Test Catalog

Test ID: SLC1Q    
Solute Carrier Organic Anion Transporter Family Member 1B1 (SLCO1B1) Genotype, Statin, Varies

Useful For Suggests clinical disorders or settings where the test may be helpful

Predicting risk for statin-associated myopathy in patients beginning statin therapy, especially simvastatin therapy


Determining a potential statin lipid lowering response, especially when using pravastatin

Genetics Test Information Provides information that may help with selection of the correct genetic test or proper submission of the test request

This is a pharmacogenomics test for genotype for the rs4149056 (c.521T>C) variant found in the *5, *15, and *17 alleles, and rs4149015 (c.-910G>A) found in the *17 and *21 alleles. Presence of the *5 allele is associated with an increased risk for simvastatin-associated myopathy.

Clinical Information Discusses physiology, pathophysiology, and general clinical aspects, as they relate to a laboratory test

The most common adverse drug reaction associated with statins is skeletal muscle toxicity, which can include myalgia (with and without elevated creatine kinase levels), muscle weakness, muscle cramps, myositis, and rhabdomyolysis.(1) Rhabdomyolysis, while rare, is of clinical concern because of the risk for death as a result of cardiac arrhythmia, renal failure, and disseminated intravascular coagulation. While the underlying causes of statin-associated myopathy are not known, several hypotheses have been formulated, including those related to the biochemical pathway of cholesterol synthesis inhibition and statin metabolism.
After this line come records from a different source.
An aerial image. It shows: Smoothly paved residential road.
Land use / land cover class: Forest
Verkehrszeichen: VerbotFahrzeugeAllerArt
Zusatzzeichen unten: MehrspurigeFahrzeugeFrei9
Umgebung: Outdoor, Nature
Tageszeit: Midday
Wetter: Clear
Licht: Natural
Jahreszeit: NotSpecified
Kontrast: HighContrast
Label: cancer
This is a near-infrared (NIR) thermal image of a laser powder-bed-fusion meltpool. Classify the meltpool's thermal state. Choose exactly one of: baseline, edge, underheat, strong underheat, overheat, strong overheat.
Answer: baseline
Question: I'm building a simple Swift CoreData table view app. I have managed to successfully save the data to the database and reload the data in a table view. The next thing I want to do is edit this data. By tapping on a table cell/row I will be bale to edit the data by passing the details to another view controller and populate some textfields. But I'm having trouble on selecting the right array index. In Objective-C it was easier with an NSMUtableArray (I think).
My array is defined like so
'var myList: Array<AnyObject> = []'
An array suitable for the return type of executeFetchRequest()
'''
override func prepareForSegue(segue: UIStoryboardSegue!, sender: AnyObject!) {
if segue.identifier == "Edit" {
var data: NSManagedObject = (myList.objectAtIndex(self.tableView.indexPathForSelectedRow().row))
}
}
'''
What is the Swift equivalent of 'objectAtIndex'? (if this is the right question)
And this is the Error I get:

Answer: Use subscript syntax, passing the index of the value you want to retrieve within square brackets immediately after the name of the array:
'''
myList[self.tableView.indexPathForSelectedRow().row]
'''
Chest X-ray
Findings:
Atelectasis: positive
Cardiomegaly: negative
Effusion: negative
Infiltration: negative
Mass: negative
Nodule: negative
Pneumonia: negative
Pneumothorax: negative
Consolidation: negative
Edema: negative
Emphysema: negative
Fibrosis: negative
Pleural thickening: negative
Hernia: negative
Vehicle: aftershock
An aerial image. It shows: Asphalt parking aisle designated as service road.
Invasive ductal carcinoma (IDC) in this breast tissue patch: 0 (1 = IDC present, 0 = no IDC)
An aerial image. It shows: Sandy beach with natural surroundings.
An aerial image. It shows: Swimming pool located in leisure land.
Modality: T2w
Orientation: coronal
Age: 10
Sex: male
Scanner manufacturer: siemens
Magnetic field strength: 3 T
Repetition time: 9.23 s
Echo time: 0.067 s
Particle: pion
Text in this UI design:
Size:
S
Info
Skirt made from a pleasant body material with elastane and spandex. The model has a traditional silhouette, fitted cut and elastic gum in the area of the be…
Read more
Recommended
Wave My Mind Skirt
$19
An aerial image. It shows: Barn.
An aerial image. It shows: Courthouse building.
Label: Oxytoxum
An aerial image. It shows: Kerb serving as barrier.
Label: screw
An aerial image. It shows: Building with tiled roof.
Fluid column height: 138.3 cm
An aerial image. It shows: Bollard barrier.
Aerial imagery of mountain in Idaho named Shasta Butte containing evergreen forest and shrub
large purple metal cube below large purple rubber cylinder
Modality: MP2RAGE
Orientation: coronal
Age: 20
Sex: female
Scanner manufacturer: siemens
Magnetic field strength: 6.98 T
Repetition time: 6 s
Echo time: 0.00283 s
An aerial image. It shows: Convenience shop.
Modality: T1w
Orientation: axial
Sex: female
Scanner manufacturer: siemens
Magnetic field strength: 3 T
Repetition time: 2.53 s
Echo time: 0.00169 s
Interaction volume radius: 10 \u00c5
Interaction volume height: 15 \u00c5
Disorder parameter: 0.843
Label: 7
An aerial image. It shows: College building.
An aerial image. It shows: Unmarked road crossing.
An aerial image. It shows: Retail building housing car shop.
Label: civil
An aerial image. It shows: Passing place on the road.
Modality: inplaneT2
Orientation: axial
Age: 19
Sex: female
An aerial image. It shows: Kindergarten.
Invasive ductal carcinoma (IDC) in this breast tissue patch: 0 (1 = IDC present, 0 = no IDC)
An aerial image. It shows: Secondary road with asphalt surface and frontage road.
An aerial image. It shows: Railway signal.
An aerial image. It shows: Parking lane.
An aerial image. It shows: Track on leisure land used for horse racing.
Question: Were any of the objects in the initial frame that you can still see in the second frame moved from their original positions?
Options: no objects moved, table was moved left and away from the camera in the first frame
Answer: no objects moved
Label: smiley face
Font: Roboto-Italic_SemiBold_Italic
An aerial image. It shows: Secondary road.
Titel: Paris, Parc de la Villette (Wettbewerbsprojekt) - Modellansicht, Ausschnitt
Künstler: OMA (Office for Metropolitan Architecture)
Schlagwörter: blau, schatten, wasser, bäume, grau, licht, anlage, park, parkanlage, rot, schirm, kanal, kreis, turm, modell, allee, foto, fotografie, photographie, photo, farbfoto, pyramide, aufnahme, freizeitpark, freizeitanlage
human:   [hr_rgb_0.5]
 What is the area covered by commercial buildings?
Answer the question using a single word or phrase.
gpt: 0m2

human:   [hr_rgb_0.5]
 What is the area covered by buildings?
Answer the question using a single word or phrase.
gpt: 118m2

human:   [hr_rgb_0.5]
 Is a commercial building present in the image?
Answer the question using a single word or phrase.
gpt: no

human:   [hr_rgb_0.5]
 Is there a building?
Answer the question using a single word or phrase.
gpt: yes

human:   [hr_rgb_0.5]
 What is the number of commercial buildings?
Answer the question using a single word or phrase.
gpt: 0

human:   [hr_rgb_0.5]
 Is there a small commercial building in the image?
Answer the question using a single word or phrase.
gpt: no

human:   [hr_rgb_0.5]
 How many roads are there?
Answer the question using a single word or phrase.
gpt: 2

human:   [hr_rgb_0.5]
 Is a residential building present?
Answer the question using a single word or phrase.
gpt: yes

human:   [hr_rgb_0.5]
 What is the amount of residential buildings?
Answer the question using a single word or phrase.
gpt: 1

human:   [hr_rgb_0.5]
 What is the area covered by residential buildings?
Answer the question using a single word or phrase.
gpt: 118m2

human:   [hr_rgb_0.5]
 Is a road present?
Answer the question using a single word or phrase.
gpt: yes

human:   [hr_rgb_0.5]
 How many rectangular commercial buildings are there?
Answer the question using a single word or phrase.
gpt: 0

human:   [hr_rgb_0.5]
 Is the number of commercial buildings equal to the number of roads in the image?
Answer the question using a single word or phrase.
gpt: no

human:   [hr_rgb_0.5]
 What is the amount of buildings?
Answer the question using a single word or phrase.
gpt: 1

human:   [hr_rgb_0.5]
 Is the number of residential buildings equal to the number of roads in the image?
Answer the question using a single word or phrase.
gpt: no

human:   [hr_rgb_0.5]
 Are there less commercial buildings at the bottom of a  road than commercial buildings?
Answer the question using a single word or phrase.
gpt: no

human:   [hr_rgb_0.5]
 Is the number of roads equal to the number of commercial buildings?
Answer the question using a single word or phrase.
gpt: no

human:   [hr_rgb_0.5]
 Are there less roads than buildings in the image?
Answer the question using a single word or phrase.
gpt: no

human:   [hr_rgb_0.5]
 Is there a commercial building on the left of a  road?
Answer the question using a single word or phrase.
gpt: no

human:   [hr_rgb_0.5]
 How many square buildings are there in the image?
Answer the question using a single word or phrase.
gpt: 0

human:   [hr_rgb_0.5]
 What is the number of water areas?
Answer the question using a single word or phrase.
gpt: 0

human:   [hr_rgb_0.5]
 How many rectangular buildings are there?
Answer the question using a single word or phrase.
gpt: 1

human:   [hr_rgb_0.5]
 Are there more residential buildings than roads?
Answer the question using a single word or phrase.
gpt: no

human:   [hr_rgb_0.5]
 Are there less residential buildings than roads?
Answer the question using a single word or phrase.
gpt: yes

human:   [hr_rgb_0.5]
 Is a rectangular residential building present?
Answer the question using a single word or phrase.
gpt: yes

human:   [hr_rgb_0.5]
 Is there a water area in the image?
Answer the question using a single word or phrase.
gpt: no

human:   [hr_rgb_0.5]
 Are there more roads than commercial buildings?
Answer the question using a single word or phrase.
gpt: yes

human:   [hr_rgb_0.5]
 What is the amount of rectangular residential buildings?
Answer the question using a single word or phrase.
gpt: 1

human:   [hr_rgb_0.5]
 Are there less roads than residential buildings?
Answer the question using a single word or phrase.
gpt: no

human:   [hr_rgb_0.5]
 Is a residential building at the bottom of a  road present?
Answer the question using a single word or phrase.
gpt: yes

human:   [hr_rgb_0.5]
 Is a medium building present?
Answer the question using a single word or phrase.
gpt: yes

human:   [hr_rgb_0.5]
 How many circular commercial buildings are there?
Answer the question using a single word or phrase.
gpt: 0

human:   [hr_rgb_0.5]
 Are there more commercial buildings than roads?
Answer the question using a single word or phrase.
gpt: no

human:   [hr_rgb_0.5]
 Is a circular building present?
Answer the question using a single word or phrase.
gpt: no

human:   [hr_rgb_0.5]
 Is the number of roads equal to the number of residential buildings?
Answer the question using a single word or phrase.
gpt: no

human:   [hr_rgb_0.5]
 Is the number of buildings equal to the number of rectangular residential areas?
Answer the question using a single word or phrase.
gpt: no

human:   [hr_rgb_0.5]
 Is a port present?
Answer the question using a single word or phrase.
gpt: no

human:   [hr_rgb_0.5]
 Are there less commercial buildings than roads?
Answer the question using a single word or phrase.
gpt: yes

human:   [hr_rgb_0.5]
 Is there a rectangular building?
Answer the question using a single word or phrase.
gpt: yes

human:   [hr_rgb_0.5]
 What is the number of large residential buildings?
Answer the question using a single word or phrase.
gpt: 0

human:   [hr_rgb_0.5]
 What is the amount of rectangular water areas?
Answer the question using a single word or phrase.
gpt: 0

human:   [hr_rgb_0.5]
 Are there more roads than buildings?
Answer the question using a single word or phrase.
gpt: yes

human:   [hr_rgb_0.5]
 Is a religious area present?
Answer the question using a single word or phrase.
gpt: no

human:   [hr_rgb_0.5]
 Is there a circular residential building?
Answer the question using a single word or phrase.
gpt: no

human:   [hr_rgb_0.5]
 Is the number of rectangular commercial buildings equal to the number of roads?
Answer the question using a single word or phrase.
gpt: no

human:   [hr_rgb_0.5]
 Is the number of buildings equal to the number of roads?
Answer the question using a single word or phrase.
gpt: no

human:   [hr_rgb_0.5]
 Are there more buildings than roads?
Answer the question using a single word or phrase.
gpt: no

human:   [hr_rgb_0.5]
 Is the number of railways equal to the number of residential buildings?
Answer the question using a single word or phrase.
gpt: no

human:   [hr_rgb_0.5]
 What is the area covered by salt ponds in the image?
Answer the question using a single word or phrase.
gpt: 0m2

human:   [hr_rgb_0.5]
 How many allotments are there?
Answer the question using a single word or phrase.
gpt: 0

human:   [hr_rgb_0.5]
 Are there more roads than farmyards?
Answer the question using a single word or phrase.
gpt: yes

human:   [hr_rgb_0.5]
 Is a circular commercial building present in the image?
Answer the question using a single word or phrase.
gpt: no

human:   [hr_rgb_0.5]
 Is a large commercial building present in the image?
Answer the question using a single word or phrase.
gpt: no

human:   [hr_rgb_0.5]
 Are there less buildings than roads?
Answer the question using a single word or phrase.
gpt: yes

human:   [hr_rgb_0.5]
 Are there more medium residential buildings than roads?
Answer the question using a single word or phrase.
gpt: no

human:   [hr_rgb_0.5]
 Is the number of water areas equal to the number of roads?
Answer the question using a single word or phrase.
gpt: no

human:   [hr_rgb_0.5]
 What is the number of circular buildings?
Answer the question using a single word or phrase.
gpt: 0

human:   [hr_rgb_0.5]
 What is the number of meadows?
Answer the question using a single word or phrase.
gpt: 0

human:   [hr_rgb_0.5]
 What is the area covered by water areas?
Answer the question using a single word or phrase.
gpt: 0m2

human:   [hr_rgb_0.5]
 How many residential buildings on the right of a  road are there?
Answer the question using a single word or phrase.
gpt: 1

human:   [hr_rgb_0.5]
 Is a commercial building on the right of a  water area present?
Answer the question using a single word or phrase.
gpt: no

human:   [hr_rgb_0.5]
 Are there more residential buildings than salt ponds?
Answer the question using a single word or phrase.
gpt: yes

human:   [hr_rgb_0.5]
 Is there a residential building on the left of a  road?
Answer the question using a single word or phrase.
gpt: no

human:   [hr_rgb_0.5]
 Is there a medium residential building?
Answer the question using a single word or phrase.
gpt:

SLCO1B1 encodes the organic anion-transporting polypeptide 1B1 (OATP1B1) influx transporter located on the basolateral membrane of hepatocytes. OATP1B1 facilitates the hepatic uptake of statins as well as other endogenous compounds (eg, bilirubin). Changes in the activity of this transporter (eg, through genetic variations or drug-drug interactions) can increase the severity of statin-associated myopathy (ie, statin intolerance).(2)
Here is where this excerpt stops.